*EXERCISE OBJECTIVE:* Print each entry word for word without images.

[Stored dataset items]
::::

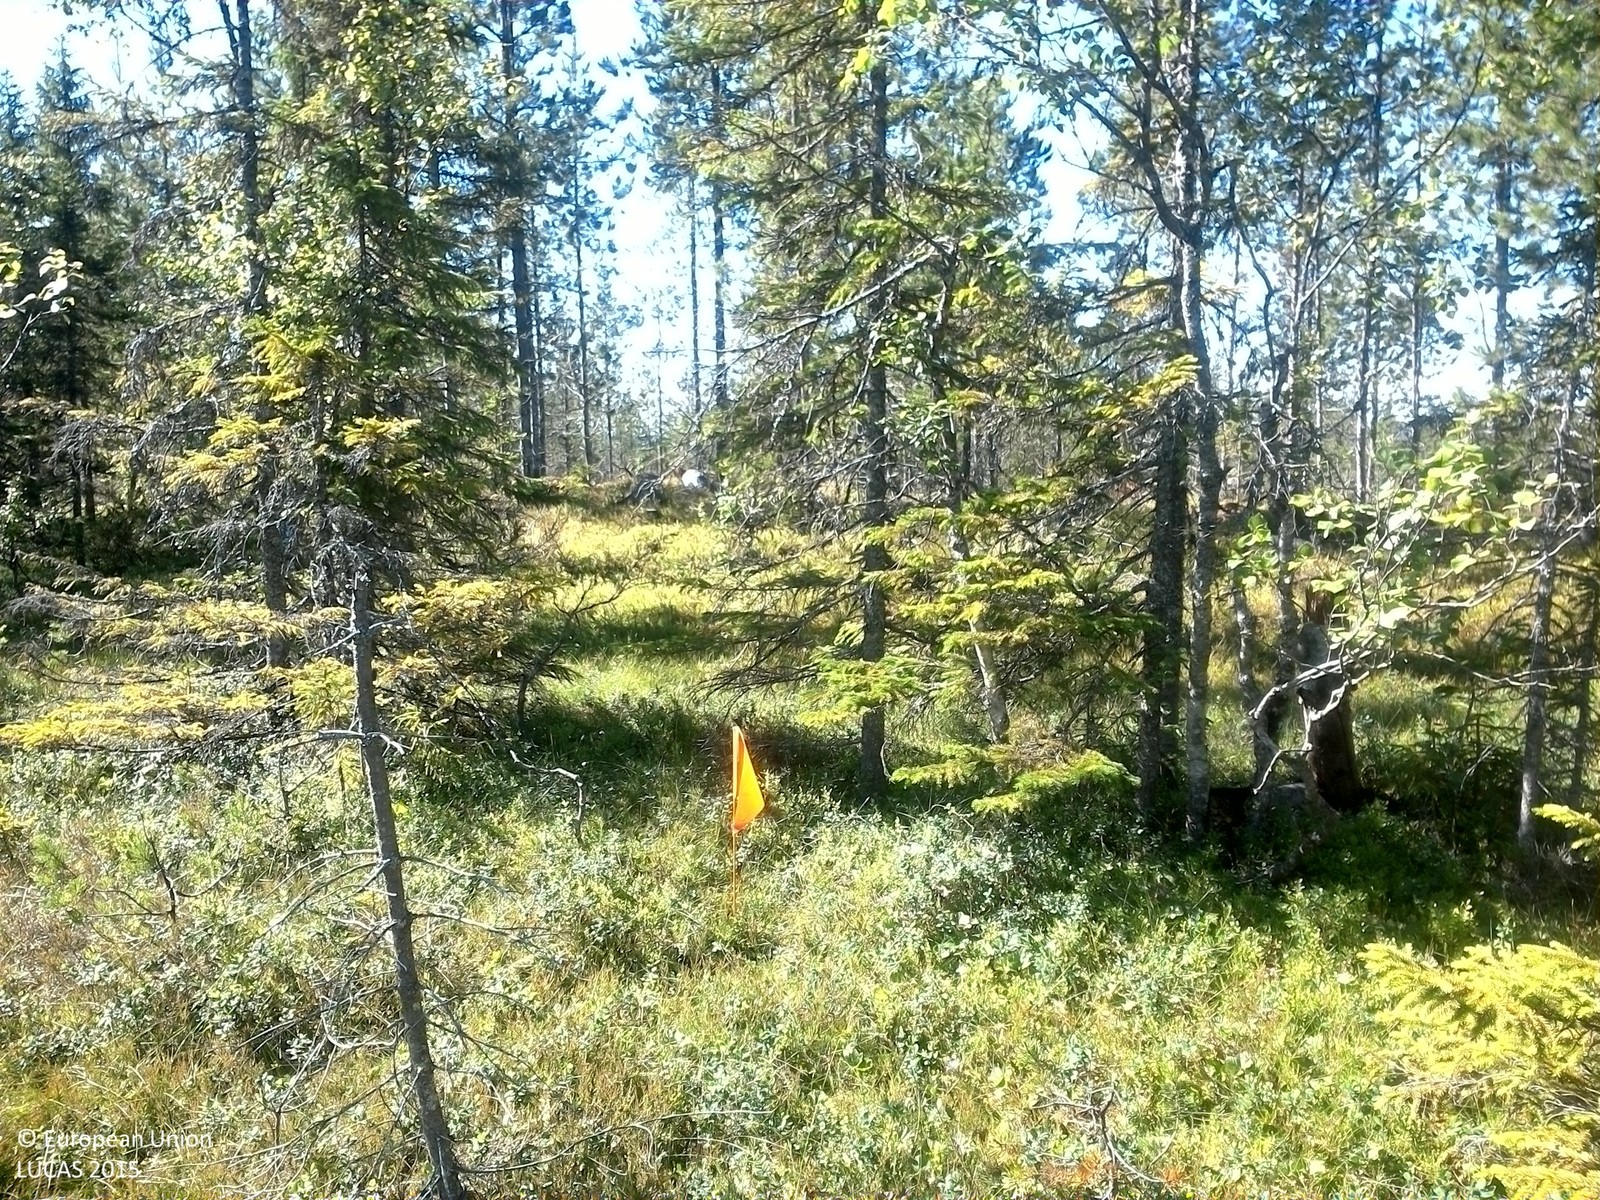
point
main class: Woodland
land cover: Spruce dominated mixed woodland
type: boreal forest
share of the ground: 25 - 50 %
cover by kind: shrubs 40 %, coniferous forest trees 20 %, lichens and mosses 20 %, broadleaved forest trees 10 %, herbaceous plants 10 %
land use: Semi-natural and natural areas not in use
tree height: > 5 m
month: August
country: SE
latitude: 62.8178
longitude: 17.2575
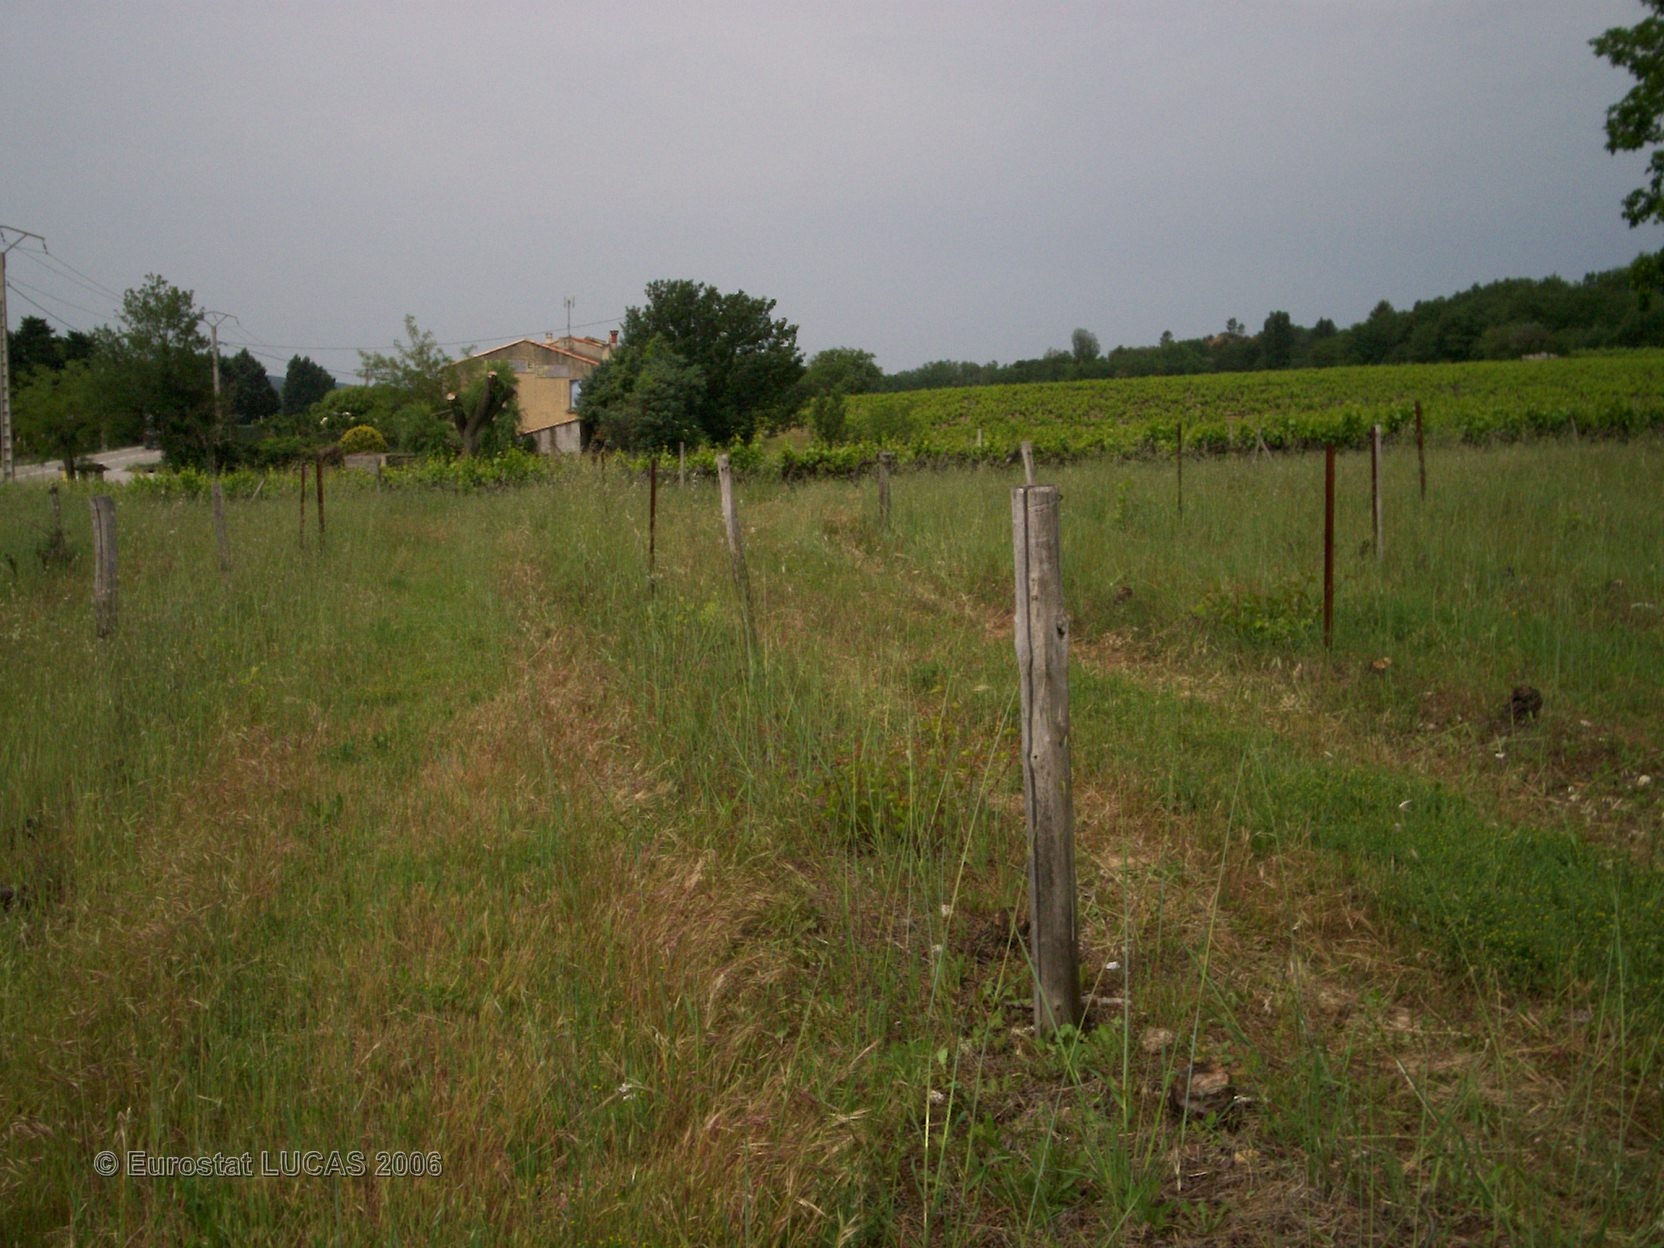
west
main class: Cropland
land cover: Vineyards
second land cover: Grassland with sparse tree/shrub cover
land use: Agriculture (excluding fallow land and kitchen gardens)
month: May
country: FR
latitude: 44.4212
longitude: 4.8450

::::

*WRITTEN ANSWER:*
point
main class: Woodland
land cover: Spruce dominated mixed woodland
type: boreal forest
share of the ground: 25 - 50 %
cover by kind: shrubs 40 %, coniferous forest trees 20 %, lichens and mosses 20 %, broadleaved forest trees 10 %, herbaceous plants 10 %
land use: Semi-natural and natural areas not in use
tree height: > 5 m
month: August
country: SE
latitude: 62.8178
longitude: 17.2575
west
main class: Cropland
land cover: Vineyards
second land cover: Grassland with sparse tree/shrub cover
land use: Agriculture (excluding fallow land and kitchen gardens)
month: May
country: FR
latitude: 44.4212
longitude: 4.8450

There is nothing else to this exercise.